The weeping faces that October morning in the nation’s capital were proof that I was not alone. Americans of all races, ages, and political leanings share the deep concern that an inability to resolve our racial issues may be our undoing. All of our tears carried a question: What is to be done? My tears, however, also contained an answer — an answer that has been passed down through generations of Black experiences in America and that has slowly but relentlessly pushed the nation closer to its professed ideals: solidarity.

Back on that autumn morning of my youth when the n-word knocked the wind out of me, Marcus and I chased Cameron, but we did not catch him before he reached the school grounds. That afternoon, however, saw a different result. Cameron and Marcus crossed paths on the way home and immediately engaged in a profane war of words, calling each other everything but a child of God until the kindling caught fire in a series of blows.

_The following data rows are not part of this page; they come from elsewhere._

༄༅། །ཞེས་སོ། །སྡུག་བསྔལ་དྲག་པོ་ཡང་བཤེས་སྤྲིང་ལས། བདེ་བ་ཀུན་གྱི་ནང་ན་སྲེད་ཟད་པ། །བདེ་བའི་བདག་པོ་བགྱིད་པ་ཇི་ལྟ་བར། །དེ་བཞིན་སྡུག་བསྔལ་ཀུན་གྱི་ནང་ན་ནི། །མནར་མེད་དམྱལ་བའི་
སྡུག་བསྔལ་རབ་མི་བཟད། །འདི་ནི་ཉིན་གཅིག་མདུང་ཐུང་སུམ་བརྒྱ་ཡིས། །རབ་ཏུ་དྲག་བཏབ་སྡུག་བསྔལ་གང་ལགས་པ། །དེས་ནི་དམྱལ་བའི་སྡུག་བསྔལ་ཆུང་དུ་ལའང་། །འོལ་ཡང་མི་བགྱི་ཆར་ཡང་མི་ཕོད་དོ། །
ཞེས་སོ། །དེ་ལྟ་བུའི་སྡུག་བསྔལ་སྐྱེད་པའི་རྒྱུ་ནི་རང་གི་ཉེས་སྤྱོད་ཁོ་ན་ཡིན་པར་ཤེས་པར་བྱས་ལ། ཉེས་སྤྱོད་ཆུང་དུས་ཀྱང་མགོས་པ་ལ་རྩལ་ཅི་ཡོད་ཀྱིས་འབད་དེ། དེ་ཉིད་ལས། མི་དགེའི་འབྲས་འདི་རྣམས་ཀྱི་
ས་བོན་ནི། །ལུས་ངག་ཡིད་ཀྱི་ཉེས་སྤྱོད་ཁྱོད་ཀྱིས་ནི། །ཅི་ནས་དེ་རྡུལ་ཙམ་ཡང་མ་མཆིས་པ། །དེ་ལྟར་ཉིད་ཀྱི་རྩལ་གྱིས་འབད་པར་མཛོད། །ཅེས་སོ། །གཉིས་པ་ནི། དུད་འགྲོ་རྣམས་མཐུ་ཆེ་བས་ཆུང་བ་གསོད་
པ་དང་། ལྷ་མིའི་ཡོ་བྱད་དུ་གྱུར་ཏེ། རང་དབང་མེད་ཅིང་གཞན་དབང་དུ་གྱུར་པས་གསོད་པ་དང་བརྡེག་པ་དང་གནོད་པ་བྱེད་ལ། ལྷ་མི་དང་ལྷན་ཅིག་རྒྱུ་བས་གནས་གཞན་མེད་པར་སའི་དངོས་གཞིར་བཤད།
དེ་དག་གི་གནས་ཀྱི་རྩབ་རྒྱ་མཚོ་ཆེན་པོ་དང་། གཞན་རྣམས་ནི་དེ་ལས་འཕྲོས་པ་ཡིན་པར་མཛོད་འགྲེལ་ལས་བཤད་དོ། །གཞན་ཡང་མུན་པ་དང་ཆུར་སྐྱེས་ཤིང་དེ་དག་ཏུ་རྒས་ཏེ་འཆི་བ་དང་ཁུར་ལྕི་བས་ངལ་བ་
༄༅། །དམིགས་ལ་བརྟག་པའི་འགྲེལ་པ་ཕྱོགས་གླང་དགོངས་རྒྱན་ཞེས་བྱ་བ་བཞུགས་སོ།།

The two fought their way through the subdivision: throwing punches in a neighbor’s yard and trampling her tulips, swinging wildly at each other in the street and up into driveways like a caravan of chaos, and even knocking an American flag to the ground—the stars falling and settling in the dirt to be trampled by an adolescent interracial conflict.

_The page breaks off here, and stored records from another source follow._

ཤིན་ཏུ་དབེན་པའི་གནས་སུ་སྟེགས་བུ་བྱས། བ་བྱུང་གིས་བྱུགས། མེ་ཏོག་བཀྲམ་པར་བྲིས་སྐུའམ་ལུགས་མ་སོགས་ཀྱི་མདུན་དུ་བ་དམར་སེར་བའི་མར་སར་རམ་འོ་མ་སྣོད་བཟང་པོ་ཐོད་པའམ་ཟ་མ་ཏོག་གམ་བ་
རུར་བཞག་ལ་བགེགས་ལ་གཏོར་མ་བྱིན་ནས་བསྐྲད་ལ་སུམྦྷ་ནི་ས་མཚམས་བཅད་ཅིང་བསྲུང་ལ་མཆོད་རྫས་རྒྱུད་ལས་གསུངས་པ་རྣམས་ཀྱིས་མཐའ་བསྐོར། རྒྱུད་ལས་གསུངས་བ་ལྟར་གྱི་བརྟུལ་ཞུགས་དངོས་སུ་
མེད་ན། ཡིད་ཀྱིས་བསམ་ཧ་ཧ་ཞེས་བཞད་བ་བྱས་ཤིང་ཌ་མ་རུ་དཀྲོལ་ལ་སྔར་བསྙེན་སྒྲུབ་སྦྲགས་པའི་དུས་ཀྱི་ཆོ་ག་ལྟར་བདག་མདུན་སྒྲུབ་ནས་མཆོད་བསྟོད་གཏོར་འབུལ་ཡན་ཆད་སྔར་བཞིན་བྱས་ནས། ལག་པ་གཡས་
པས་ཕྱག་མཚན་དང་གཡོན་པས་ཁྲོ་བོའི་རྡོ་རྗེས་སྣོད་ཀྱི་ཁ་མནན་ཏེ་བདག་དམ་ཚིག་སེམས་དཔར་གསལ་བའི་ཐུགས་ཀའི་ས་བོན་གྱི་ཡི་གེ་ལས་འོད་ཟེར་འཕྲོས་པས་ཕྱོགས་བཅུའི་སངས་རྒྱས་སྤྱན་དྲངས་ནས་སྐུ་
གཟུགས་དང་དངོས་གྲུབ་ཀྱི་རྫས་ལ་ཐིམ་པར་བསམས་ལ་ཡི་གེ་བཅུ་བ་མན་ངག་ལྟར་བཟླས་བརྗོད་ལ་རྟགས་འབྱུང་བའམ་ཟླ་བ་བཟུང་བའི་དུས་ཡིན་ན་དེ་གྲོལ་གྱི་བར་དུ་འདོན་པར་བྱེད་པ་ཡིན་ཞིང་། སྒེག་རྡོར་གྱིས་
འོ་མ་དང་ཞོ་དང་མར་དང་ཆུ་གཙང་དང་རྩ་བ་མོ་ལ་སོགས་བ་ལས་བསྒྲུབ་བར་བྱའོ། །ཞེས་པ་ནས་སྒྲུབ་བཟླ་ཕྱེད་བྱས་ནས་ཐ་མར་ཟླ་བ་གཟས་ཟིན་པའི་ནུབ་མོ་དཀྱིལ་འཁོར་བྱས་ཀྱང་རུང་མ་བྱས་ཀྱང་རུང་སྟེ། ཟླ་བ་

Cover of When the Stars Begin to Fall by Theodore R. Johnson

Decades later in the Chamber of Commerce’s Hall of Flags, I tearfully concluded my address to a room of White House Fellows by recalling the gold sun etched into the back of the chair that seated George Washington during the 1787 Constitutional Convention. The sun was bisected by an imagined horizon, giving the illusion that it was either on its way up into the sky or descending to give way to the stars. As the delegates made their way to sign what would become our Constitution, Benjamin Franklin remarked, “I have often looked at that behind the President without being able to tell whether it was rising or setting: But now at length I have the happiness to know that it is a rising and not a setting Sun.”

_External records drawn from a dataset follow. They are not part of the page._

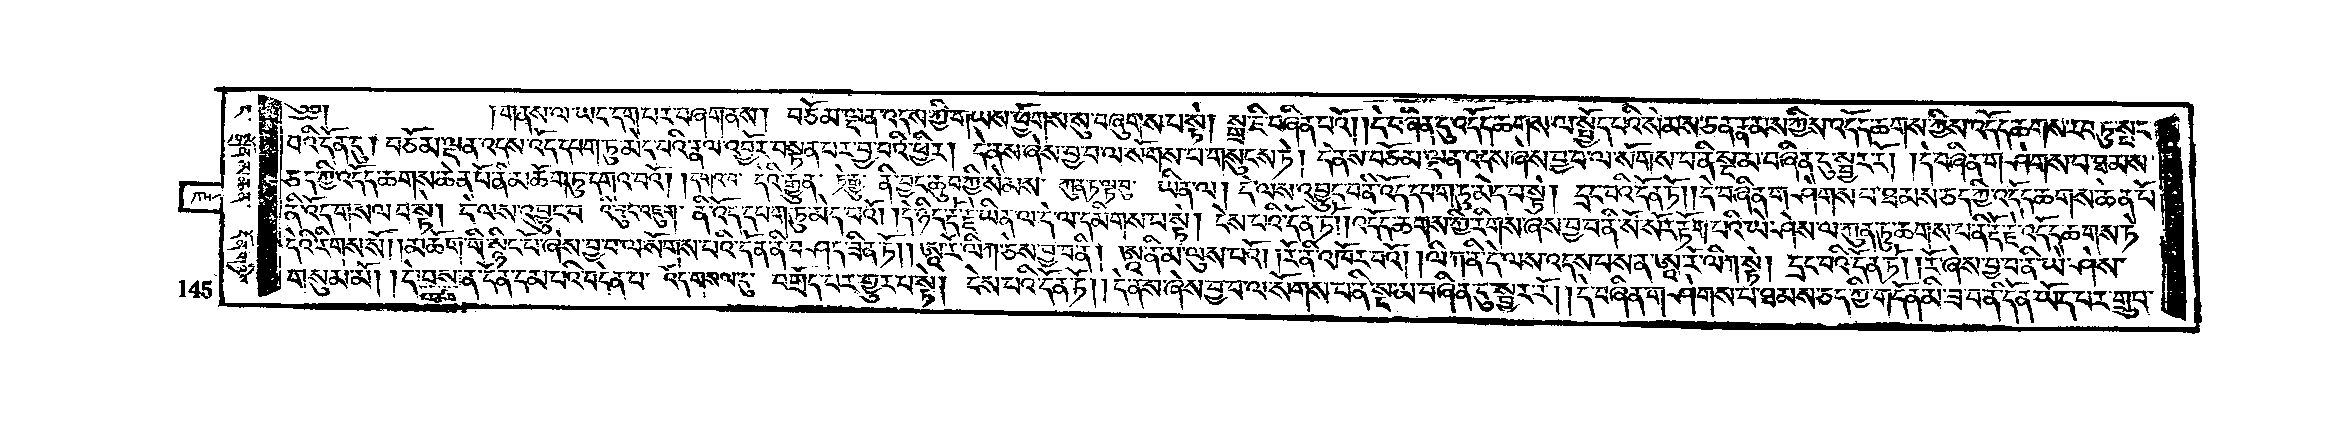༄༅། །གནས་ལ་ཡང་དག་པར་བཞག་ནས། བཅོམ་ལྡན་འདས་ཀྱི་གཡས་ཕྱོགས་སུ་བཞུགས་པ་སྟེ། སྒྲ་ཇི་བཞིན་པའོ། །དེ་བཞིན་དུ་འདོད་ཆགས་ལ་སྤྱོད་པའི་སེམས་ཅན་རྣམས་ཀྱིས་འདོད་ཆགས་ཀྱིས་འདོད་ཆགས་རབ་ཏུ་སྤང་
བའི་དོན་དུ། བཅོམ་ལྡན་འདས་འོད་དཔག་ཏུ་མེད་པའི་རྣལ་འབྱོར་བསྟན་པར་བྱ་བའི་ཕྱིར། དེ་ནས་ཞེས་བྱ་བ་ལ་སོགས་པ་གསུངས་ཏེ། དེ་ནས་བཅོམ་ལྡན་འདས་ཞེས་བྱ་བ་ལ་སོགས་པ་ནི་སྔ་མ་བཞིན་དུ་སྦྱར་རོ། །དེ་བཞིན་གཤེགས་པ་ཐམས་
ཅད་ཀྱི་འདོད་ཆགས་ཆེན་པོ་ནི་མཆོག་ཏུ་དགའ་བའོ། ། དགའ་བ་དེའི་རྒྱུན་ཏེ་རྒྱུ་ནི་བྱང་ཆུབ་ཀྱི་སེམས་ཀུན་ཏ་ལྟ་བུ་ཡིན་ལ། དེ་ལས་འབྱུང་བ་ནི་འོད་དཔག་ཏུ་མེད་པ་སྟེ། དྲང་བའི་དོན་ཏོ། །དེ་བཞིན་གཤེགས་པ་ཐམས་ཅད་ཀྱི་འདོད་ཆགས་ཆེན་པོ་
ནི་འོད་གསལ་བ་སྟེ། དེ་ལས་འབྱུང་བའི་ཟུང་འཇུག་ནི་འོད་དཔག་ཏུ་མེད་པའོ། །དེ་ཉིད་རྡོ་རྗེ་ཡིན་ལ་དེ་ལ་དམིགས་པ་སྟེ། ངེས་པའི་དོན་ཏོ། །འདོད་ཆགས་ཀྱི་རིགས་ཞེས་བྱ་བ་ནི་སོ་སོར་རྟོག་པའི་ཡེ་ཤེས་ལ་ཀུན་ཏུ་ཆགས་པ་ནི་རྡོ་རྗེ་འདོད་ཆགས་ཏེ་
དེའི་རིགས་སོ། །མཆོག་གི་སྙིང་པོ་ཞེས་བྱ་བ་ལ་སོགས་པའི་དོན་ནི་བཤད་ཟིན་ཏོ། །ཨཱ་རོ་ལིཀ་ཅེས་བྱ་བ་ནི། ཨཱ་ནི་མ་ལུས་པའོ། །རོ་ནི་འཁོར་བའོ། །ལིཀ་ནི་དེ་ལས་འདས་པས་ན་ཨཱ་རོ་ལིཀ་སྟེ། དྲང་བའི་དོན་ཏོ། །རོ་ཞེས་བྱ་བ་ནི་ཡེ་ཤེས་
གསུམ་མོ། །དེ་པ་ཚབ་ལས་?་བས་ན་དོན་དམ་པའི་བདེན་པ་འོད་གསལ་དུ་བགྲོད་པར་གྱུར་པ་སྟེ། ངེས་པའི་དོན་ཏོ། །དེ་ནས་ཞེས་བྱ་བ་ལ་སོགས་པ་ནི་སྔ་མ་བཞིན་དུ་སྦྱར་རོ། །དེ་བཞིན་གཤེགས་པ་ཐམས་ཅད་ཀྱི་གདོན་མི་ཟ་བ་ནི་དོན་ཡོད་པར་གྲུབ་

Under the sweltering suns of an America unrealized, many Black people toiled under the lash to help build a nation. Forbidden to sing of the freedom their souls demanded, they turned to Christian themes to cloak their hearts’ desire. Substituting visions of a heavenly rapture for their dreams of emancipation, they devised spirituals that famed sociologist and historian W.E.B DuBois called the nation’s first original music — the “sorrow songs.” One such song chronicled the rising sun, symbolizing the end of one day and the beginning of another:

My Lord, what a morning
My Lord what a morning
My Lord, what a morning
When the stars begin to fall.

When I descended the stage, I stumbled a bit. After awkwardly taking a few steps to regain my balance, David, a white retired Air Force pilot with silver hair, caught me in a bear hug next to the American flag that bordered the stage. I could not help thinking of what the generations before us would have thought of this fleeting moment of connection and unity, especially the generations of my family filled with sturdy men and women from the red clay of Georgia and the tobacco fields of South Carolina who had endured the nation’s worst impulses just so I would have a fighting chance at the Promise. If my name is any indication, they would have seen a rising sun — a reason to continue hoping that racial equality lies ahead. Whether it is indeed setting or rising, however, will depend on our ability to find the solidarity charted in the pages ahead.